▶ AIM OF THE EXERCISE
Track down each line below containing the string "sans" and copy it.
══ DATA IN THIS EXERCISE ══
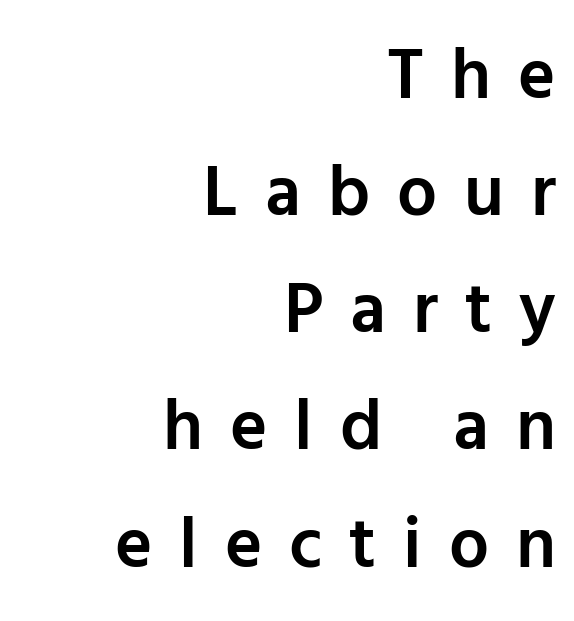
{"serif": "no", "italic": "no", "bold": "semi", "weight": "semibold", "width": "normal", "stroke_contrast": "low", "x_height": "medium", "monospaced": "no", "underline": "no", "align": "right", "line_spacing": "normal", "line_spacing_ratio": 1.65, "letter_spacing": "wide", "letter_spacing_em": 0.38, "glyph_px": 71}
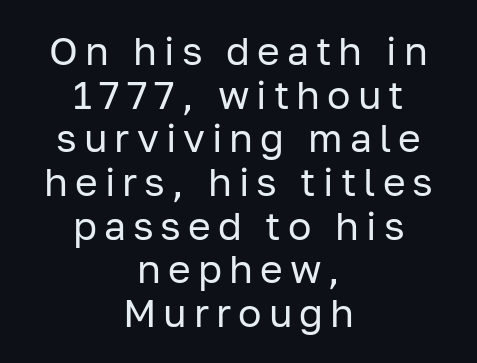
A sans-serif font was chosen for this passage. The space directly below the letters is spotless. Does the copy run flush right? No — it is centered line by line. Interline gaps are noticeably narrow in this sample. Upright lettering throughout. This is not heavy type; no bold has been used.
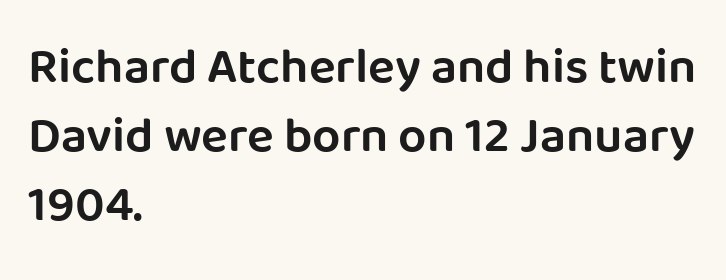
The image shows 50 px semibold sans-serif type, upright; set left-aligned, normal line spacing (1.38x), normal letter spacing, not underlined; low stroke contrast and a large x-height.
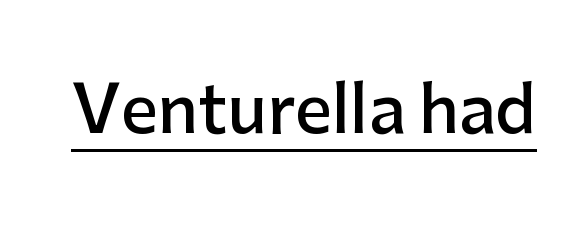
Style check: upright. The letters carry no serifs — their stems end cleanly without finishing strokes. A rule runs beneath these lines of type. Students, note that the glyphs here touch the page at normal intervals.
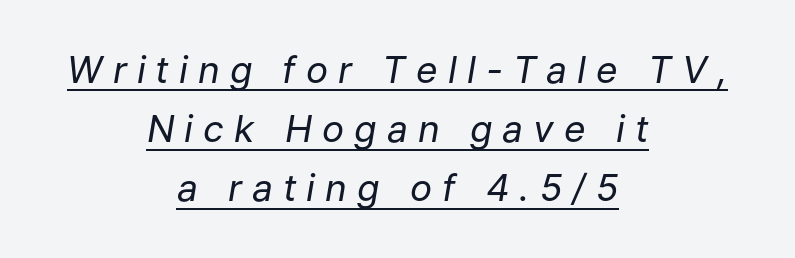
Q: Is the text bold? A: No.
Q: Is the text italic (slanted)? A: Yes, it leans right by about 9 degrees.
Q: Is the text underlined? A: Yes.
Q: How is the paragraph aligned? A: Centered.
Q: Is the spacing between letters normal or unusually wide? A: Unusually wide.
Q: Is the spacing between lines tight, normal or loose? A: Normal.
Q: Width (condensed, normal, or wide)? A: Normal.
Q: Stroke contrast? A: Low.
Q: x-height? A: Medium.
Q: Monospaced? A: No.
═══
▶ TASK ANSWER
A sans-serif font was chosen for this passage. The space directly below the letters is spotless. Does the copy run flush right? No — it is centered line by line. Interline gaps are noticeably narrow in this sample. Upright lettering throughout. This is not heavy type; no bold has been used.
The image shows 50 px semibold sans-serif type, upright; set left-aligned, normal line spacing (1.38x), normal letter spacing, not underlined; low stroke contrast and a large x-height.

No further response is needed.